(LISTED ENTRIES Opens)

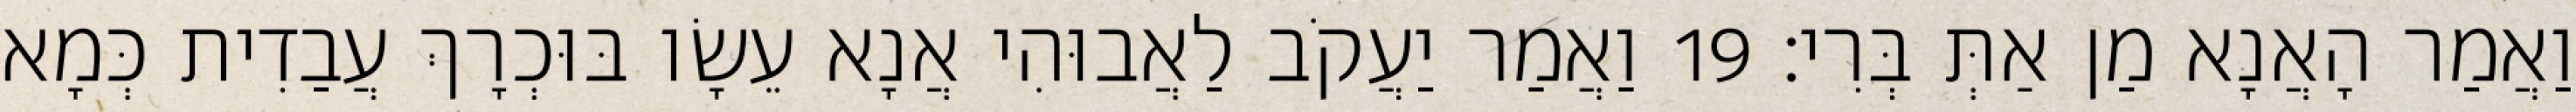
וַאֲמַר הָאֲנָא מַן אַתְּ בְּרִי׃ 19 וַאֲמַר יַעֲקֹב לַאֲבוּהִי אֲנָא עֵשָׂו בּוּכְרָךְ עֲבַדִית כְּמָא
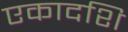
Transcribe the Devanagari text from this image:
एकादशि
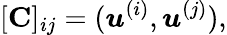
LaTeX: [\mathbf{C}]_{ij}=(\boldsymbol{u}^{(i)},\boldsymbol{u}^{(j)}),
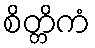
စိတ္တိကံ
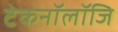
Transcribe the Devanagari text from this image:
टेकनॉलॉजि
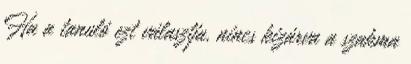
Ha a tanuló ezt választja, nincs kizárva a szakma
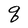
Character: q
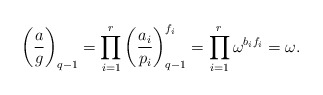
\begin{align*}\left(\frac{a}{g}\right)_{q - 1} = \prod_{i = 1}^r \left(\frac{a_i}{p_i}\right)^{f_i}_{q - 1} = \prod_{i = 1}^r \omega^{b_if_i} = \omega.\end{align*}
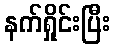
နက်ရှိုင်းပြီး
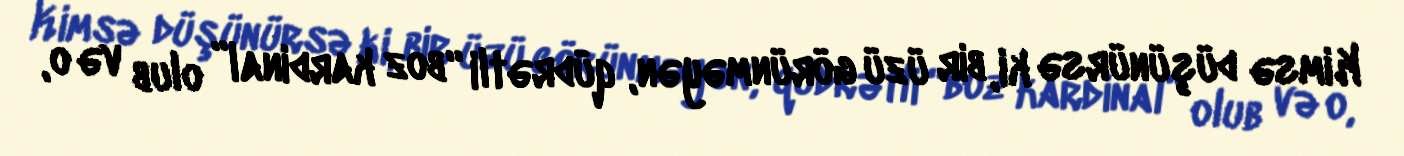
Kimsə düşünürsə ki, bir üzü görünməyən, qüdrətli “boz kardinal” olub və o,
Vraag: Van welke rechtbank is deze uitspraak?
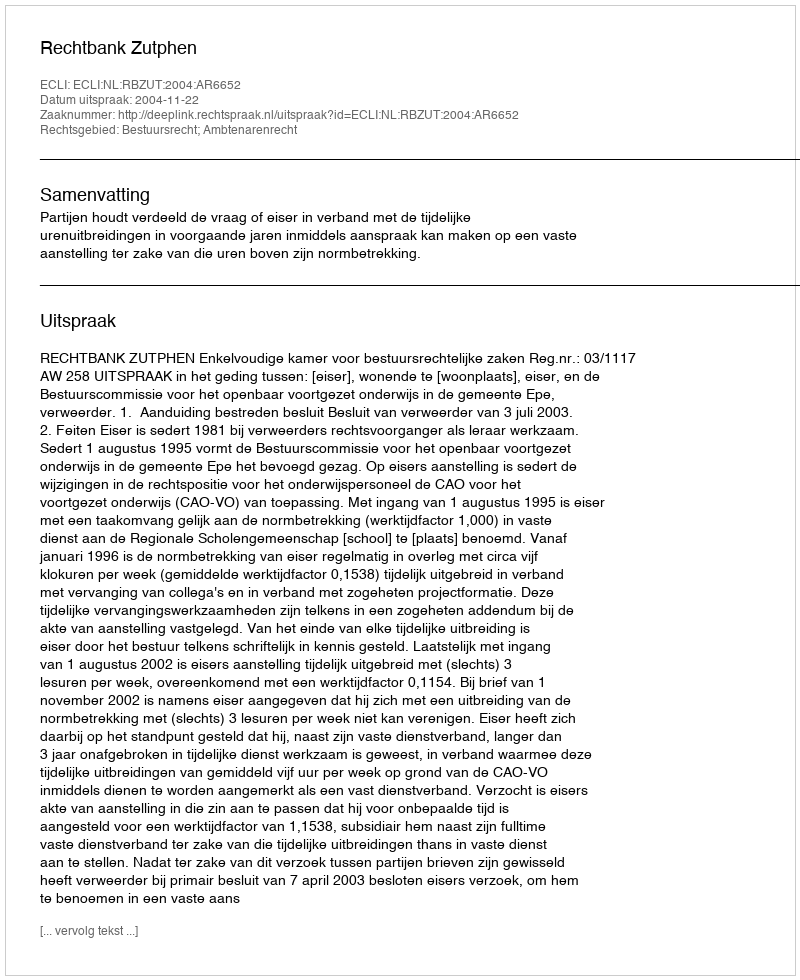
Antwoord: Rechtbank Zutphen
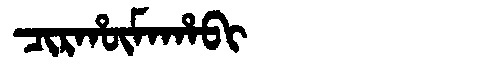
Manchu: ᠴᡳᡵᡥᡡᠮᠠᡥᠠᠪᡳ
Romanization: CIRHŪMAHABI
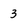
Character: 3
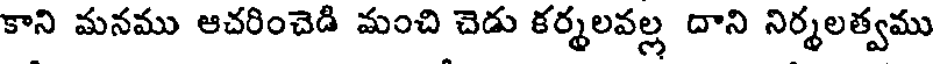
కాని మనము ఆచరించెడి మంచి చెడు కర్మలవల్ల దాని నిర్మలత్వము
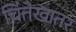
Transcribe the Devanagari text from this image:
चिंतेखातर
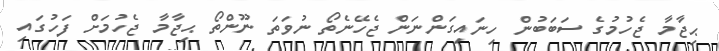
ޙިޖާމާ ޖެހުމުގެ ސަބަބުން ހިނައިގަންނަން ޖެހޭނެތޯ ނުވަތަ ނޫންތޯ ޙިޖާމާ ޖެހުމަށް ފަހުގައި
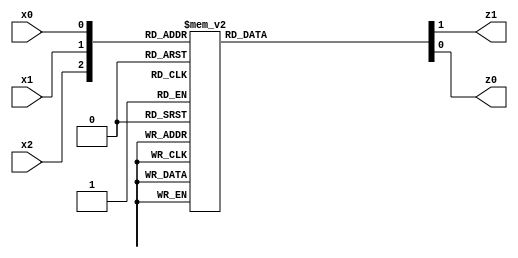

(LISTED ENTRIES Closes)

Please restate word for word each line from the one containing "Antwoord: Rechtbank Zutphen" to the end of the data above, without the pictures.

◆ **PROBLEM SOLUTION**
Antwoord: Rechtbank Zutphen
Manchu: ᠴᡳᡵᡥᡡᠮᠠᡥᠠᠪᡳ
Romanization: CIRHŪMAHABI
Character: 3
కాని మనము ఆచరించెడి మంచి చెడు కర్మలవల్ల దాని నిర్మలత్వము
Transcribe the Devanagari text from this image:
चिंतेखातर
ޙިޖާމާ ޖެހުމުގެ ސަބަބުން ހިނައިގަންނަން ޖެހޭނެތޯ ނުވަތަ ނޫންތޯ ޙިޖާމާ ޖެހުމަށް ފަހުގައި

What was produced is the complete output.